Maloney wrote to Progressive, demanding to know the limits of Hansen's coverage and indicating that she might be willing to settle immediately for the policy limits. Progressive recognized that Hansen was potentially liable for the accident and that Ma-loney's damages easily exceeded the limits of Hansen's coverage. In these cireumstances, Alaska case law makes it clear that Progressive owed Hansen a duty to extend Maloney a policy-limits settlement offer. 1 In response to Maloney's demand letter, Progressive offered to settle for the policy's $50,000 face limit plus prejudgment interest. But since Maloney did not appear to be represented by counsel, Progressive's offer did not include any additional amount for attorney's fees under Rule 82.
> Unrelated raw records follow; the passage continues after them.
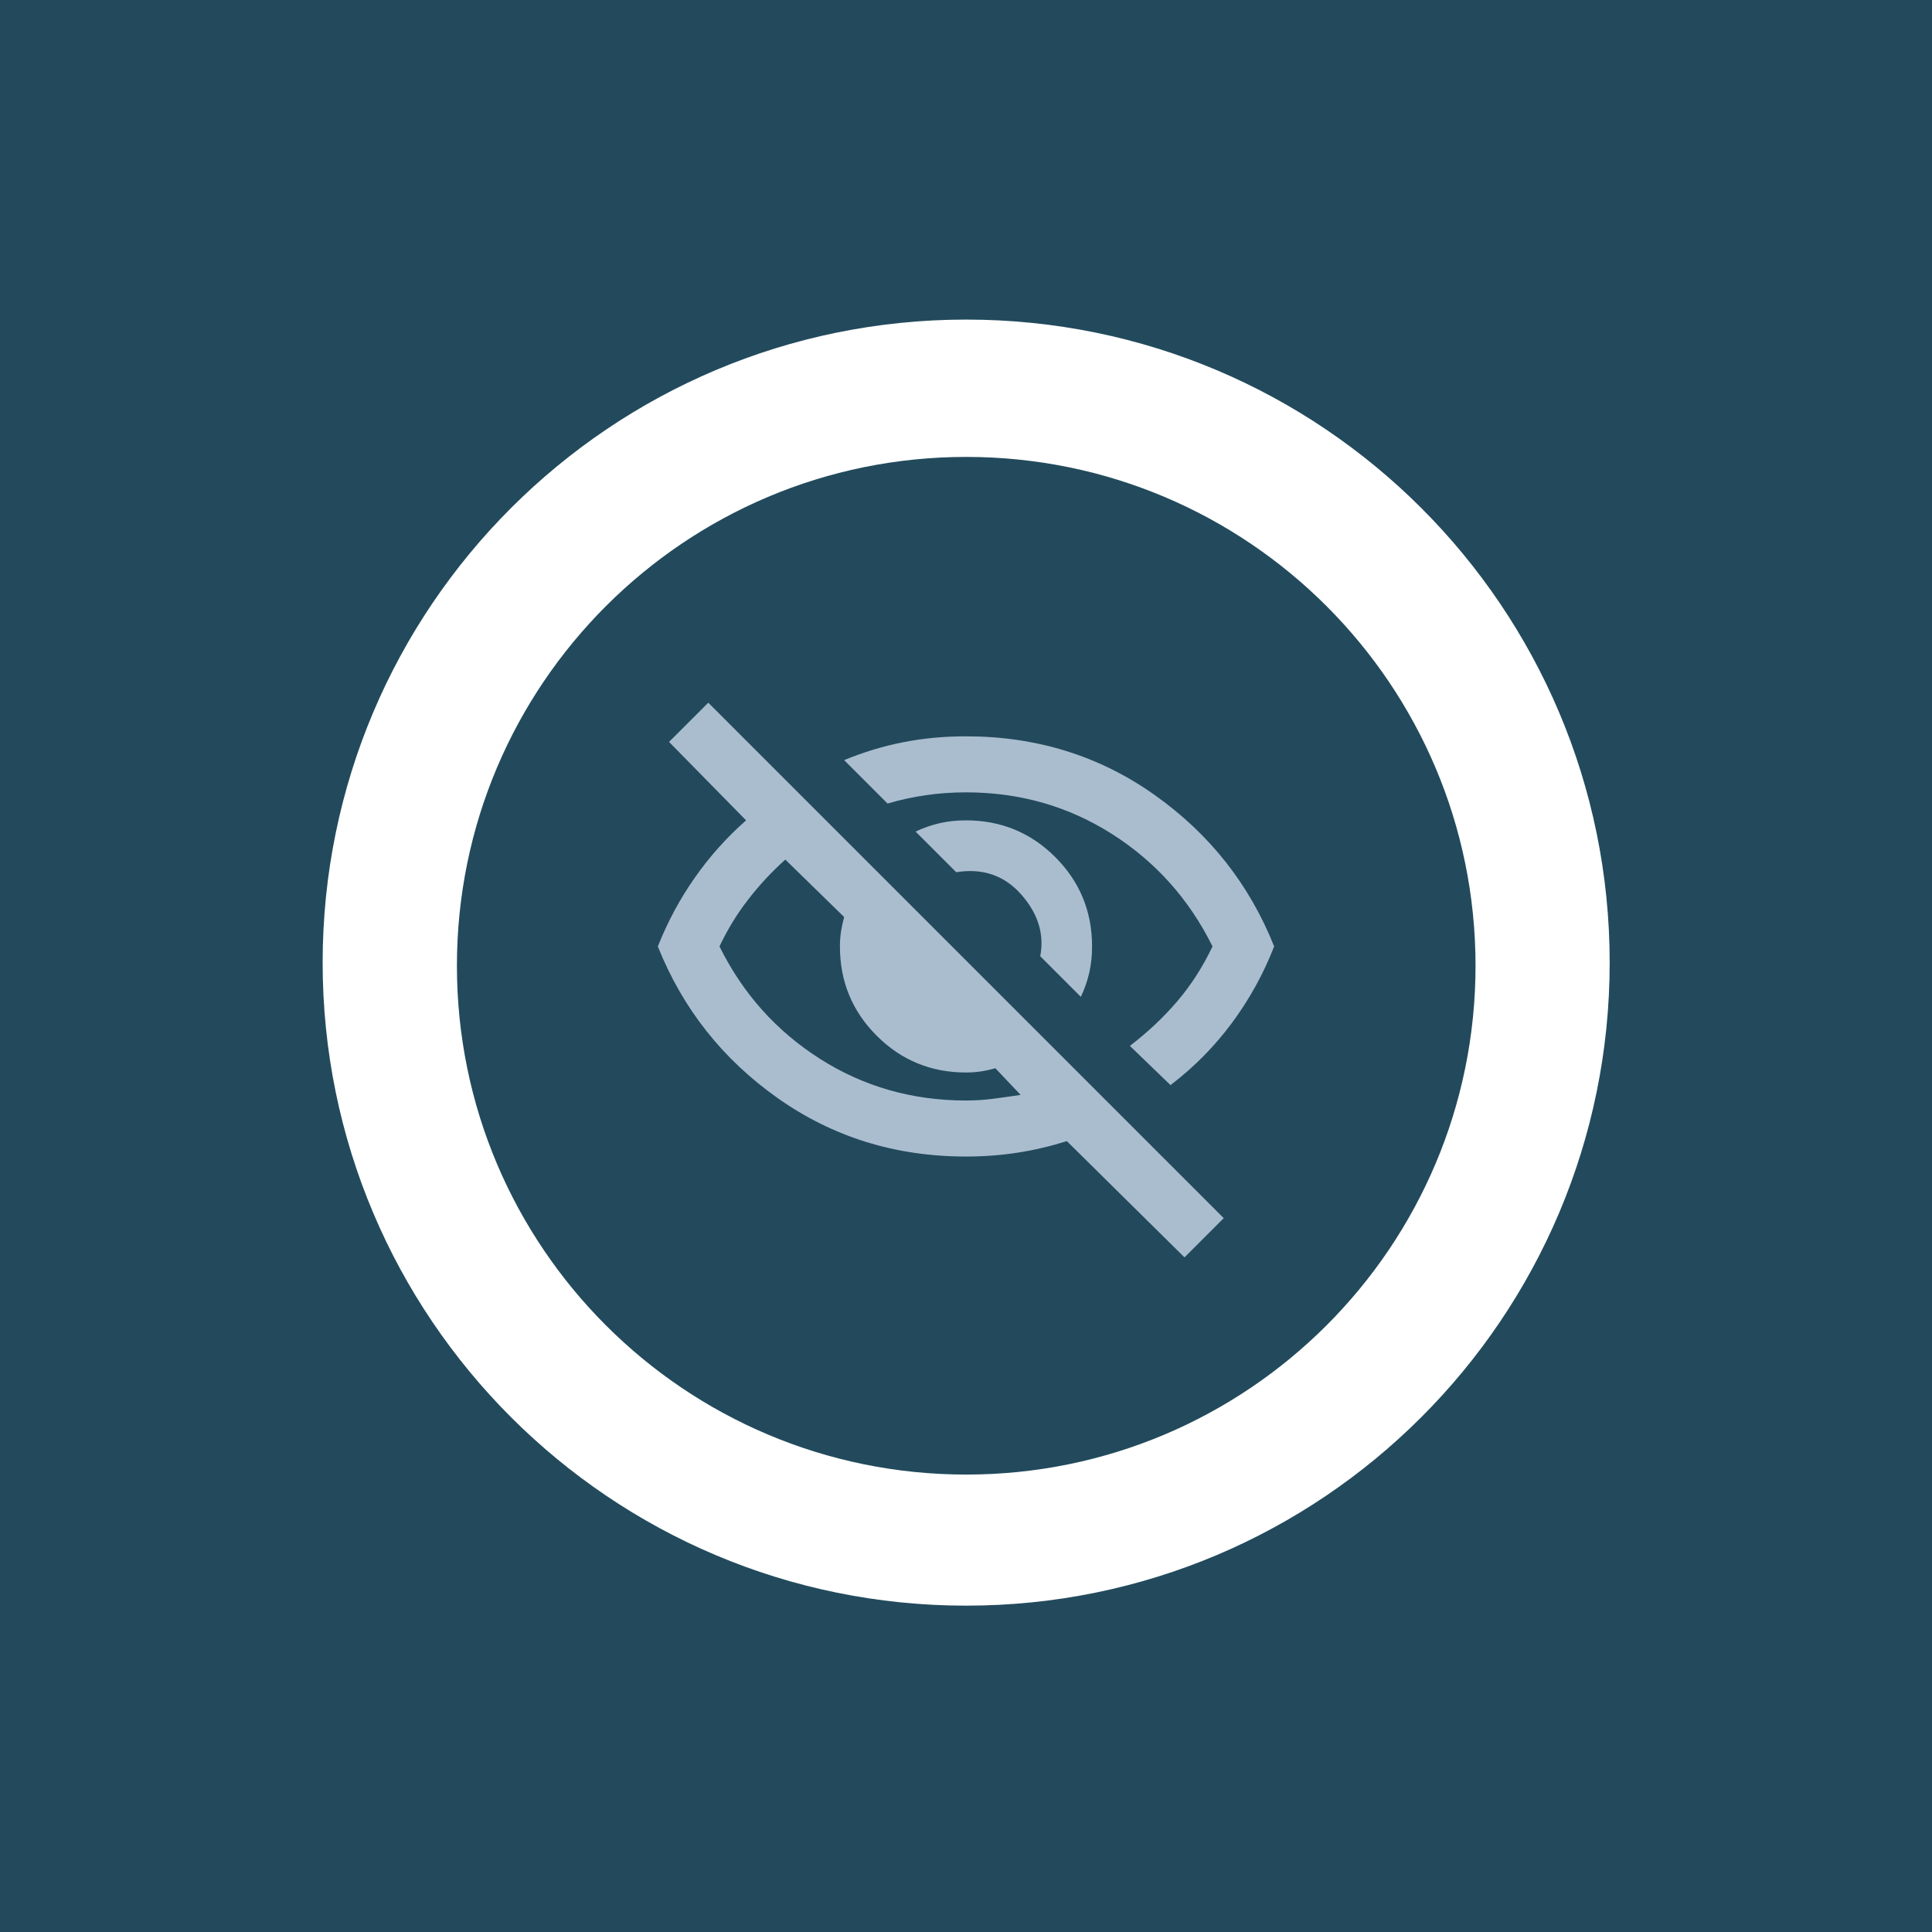 <?xml version="1.0" encoding="UTF-8"?>
<svg xmlns="http://www.w3.org/2000/svg" width="2000" height="2000" viewBox="0 0 2000 2000" fill="none">
  <rect x="0" y="0" width="2000" height="2000" fill="#808080" stroke="none"/>
  <g clip-path="url(#clip0_1070_2)">
    <rect width="2000" height="2000" fill="#333333"></rect>
    <path d="M2000 0H0V2000H2000V0Z" fill="#224A5C"></path>
    <path d="M1000.17 1662.17C1368.08 1662.17 1666.33 1364.14 1666.33 996.502C1666.33 628.864 1368.08 330.835 1000.17 330.835C632.253 330.835 334 628.864 334 996.502C334 1364.14 632.253 1662.17 1000.17 1662.17Z" fill="white"></path>
    <path d="M1000.24 1526.47C1291.42 1526.47 1527.47 1290.65 1527.47 999.737C1527.47 708.828 1291.42 473 1000.24 473C709.052 473 473 708.828 473 999.737C473 1290.65 709.052 1526.47 1000.24 1526.47Z" fill="#224A5C"></path>
    <path d="M1118.9 1031.94L1076.85 989.888C1081.2 967.171 1074.68 945.904 1057.28 926.088C1039.88 906.271 1017.4 898.538 989.85 902.888L947.8 860.838C956.017 856.971 964.354 854.071 972.813 852.138C981.271 850.204 990.333 849.238 1000 849.238C1036.25 849.238 1067.06 861.925 1092.44 887.3C1117.81 912.675 1130.5 943.488 1130.5 979.738C1130.5 989.404 1129.53 998.467 1127.6 1006.93C1125.67 1015.38 1122.77 1023.72 1118.9 1031.94ZM1211.7 1123.29L1169.65 1082.69C1188.02 1068.67 1204.33 1053.33 1218.59 1036.65C1232.85 1019.98 1245.05 1001 1255.2 979.738C1231.03 930.921 1196.35 892.133 1151.16 863.375C1105.97 834.617 1055.58 820.238 1000 820.238C985.983 820.238 972.208 821.204 958.675 823.138C945.142 825.071 931.85 827.971 918.8 831.838L873.85 786.888C893.667 778.671 913.967 772.508 934.75 768.4C955.533 764.292 977.283 762.238 1000 762.238C1072.98 762.238 1137.99 782.417 1195.03 822.775C1252.06 863.133 1293.38 915.454 1319 979.738C1307.88 1008.25 1293.26 1034.72 1275.14 1059.13C1257.01 1083.53 1235.87 1104.92 1211.7 1123.29ZM1226.2 1301.64L1104.4 1181.29C1087.48 1186.6 1070.45 1190.59 1053.29 1193.25C1036.13 1195.91 1018.37 1197.24 1000 1197.24C927.017 1197.24 862.008 1177.06 804.975 1136.7C747.942 1096.34 706.617 1044.02 681 979.738C691.15 954.121 703.958 930.317 719.425 908.325C734.892 886.333 752.533 866.638 772.35 849.238L692.6 768.038L733.2 727.438L1266.8 1261.04L1226.2 1301.64ZM812.95 889.838C798.933 902.404 786.125 916.179 774.525 931.163C762.925 946.146 753.017 962.338 744.8 979.738C768.967 1028.55 803.646 1067.34 848.838 1096.1C894.029 1124.86 944.417 1139.24 1000 1139.24C1009.67 1139.24 1019.09 1138.63 1028.28 1137.43C1037.46 1136.22 1046.88 1134.89 1056.55 1133.44L1030.45 1105.89C1025.13 1107.34 1020.06 1108.43 1015.23 1109.15C1010.39 1109.88 1005.32 1110.24 1000 1110.24C963.75 1110.24 932.938 1097.55 907.563 1072.18C882.188 1046.8 869.5 1015.99 869.5 979.738C869.5 974.421 869.863 969.346 870.588 964.513C871.313 959.679 872.4 954.604 873.85 949.288L812.95 889.838Z" fill="#AABDCF"></path>
  </g>
  <defs>
    <clipPath id="clip0_1070_2">
      <rect width="2000" height="2000" fill="white"></rect>
    </clipPath>
  </defs>
</svg>

Soon after sending Maloney its offer, Progressive received a letter from an attorney retained by Maloney, who informed Progressive that Maloney was about to file a civil action against Hansen and attached a courtesy copy of the proposed complaint. 2 Several days later, Progressive responded with an amended settlement offer, which duplicated its original offer but included an additional sum for Rule 82 fees. In its letter extending this offer to Maloney's counsel, Progressive explained that its original offer "was made with the understanding that the Maloneys were not represented.... Now that the Ma-loneys[ ] are represented by coun[slel, Progressive is prepared to extend a policy limits offer of $50,000 plus interest and Rule 82 attorney fees."

Maloney filed her complaint and did not accept the new offer. She later amended her complaint to name Progressive as a defendant and to add a cause of action for a judgment declaring that Progressive's initial settlement offer was not a policy-limits offer. In support of this claim, Maloney asserted that Progressive's duty to extend a policy-limits offer to Maloney required it to include a payment of Maloney's projected Rule 82 attorney's fees, regardless of whether she was then represented by counsel.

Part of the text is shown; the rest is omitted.